Software developer Mike Bombich has discovered a flaw in macOS High Sierra’s APFS file system that can lead to data loss when writing disk images.

macOS High Sierra APFS Bug Can Cause Data Loss When Writing to Disk Images


In a blog post last Thursday, software developer Mike Bombich explained that he had uncovered the data writing flaw in the Apple File System, or APFS, through his regular work with “sparse” disk images.

A “sparse disk image” is a file that macOS mounts on the desktop, and treats as if it were an attached disk drive. Sparse disk images are often used in backing up and cloning disks. Bombich is the creator of Carbon Copy Cloner, which means Bombich is experienced with the use of the images.

Earlier this week I noticed that an APFS-formatted sparsebundle disk image volume showed ample free space, despite that the underlying disk was completely full. Curious, I copied a video file to the disk image volume to see what would happen. The whole file copied without error! I opened the file, verified that the video played back start to finish, checksummed the file – as far as I could tell, the file was intact and whole on the disk image. When I unmounted and remounted the disk image, however, the video was corrupted. If you’ve ever lost data, you know the kick-in-the-gut feeling that would have ensued. Thankfully, I was just running some tests and the file that disappeared was just test data. Taking a closer look, I discovered two bugs in macOS’s “diskimages-helper” service that lead to this result.

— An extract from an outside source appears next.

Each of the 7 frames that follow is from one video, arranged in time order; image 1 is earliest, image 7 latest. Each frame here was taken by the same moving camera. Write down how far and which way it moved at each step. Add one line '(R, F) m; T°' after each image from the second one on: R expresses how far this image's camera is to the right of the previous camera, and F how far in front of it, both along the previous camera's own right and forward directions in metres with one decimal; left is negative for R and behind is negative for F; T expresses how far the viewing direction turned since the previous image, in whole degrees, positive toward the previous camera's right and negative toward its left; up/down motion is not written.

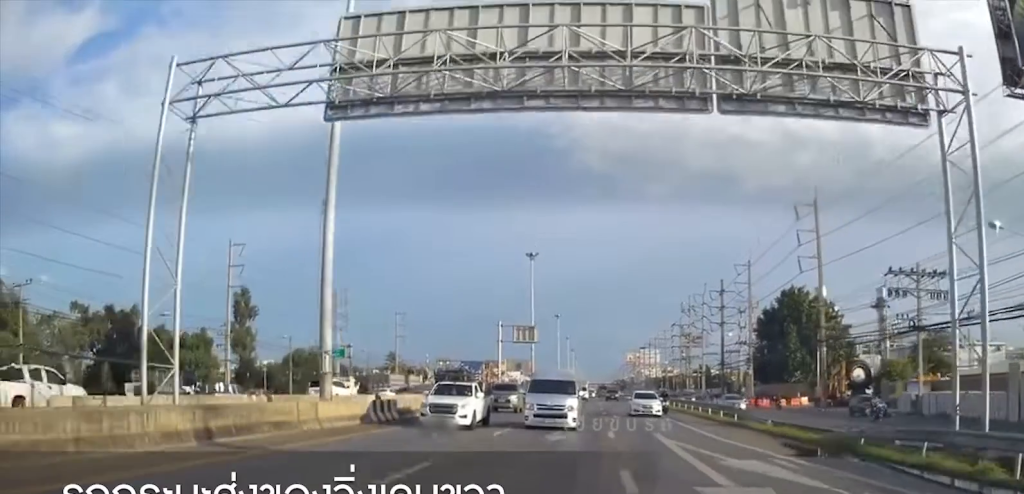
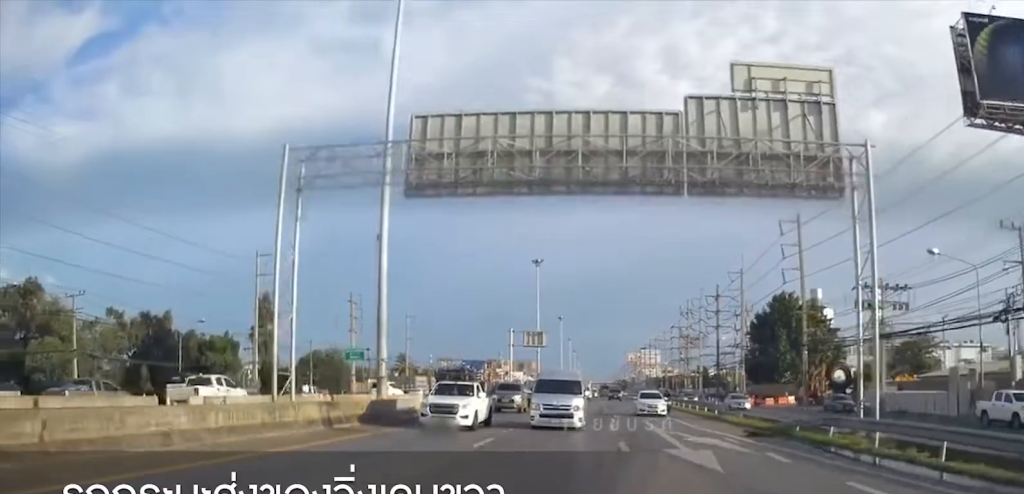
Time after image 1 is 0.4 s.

The two images Bombich discovered are that an APFS volume’s free space doesn’t reflect a smaller amount of free space on the underlying disk, and The diskimages-helper application doesn’t report errors when write requests fail to grow the disk image

When macOS users update their Mac to macOS High Sierra, which is the latest version of the venerable operating system, the installation process automatically converts the Mac’s hard drive to APFS.

Ordinary APFS volumes, such as SSD startup drives, are not affected by the bug, so most users will not experience the issues described by Bombich. The flaw usually shows up when making backups to network volumes. Bombich says Carbon Copy Cloner won’t support APFS-formatted sparse disk images until the issue if fixed.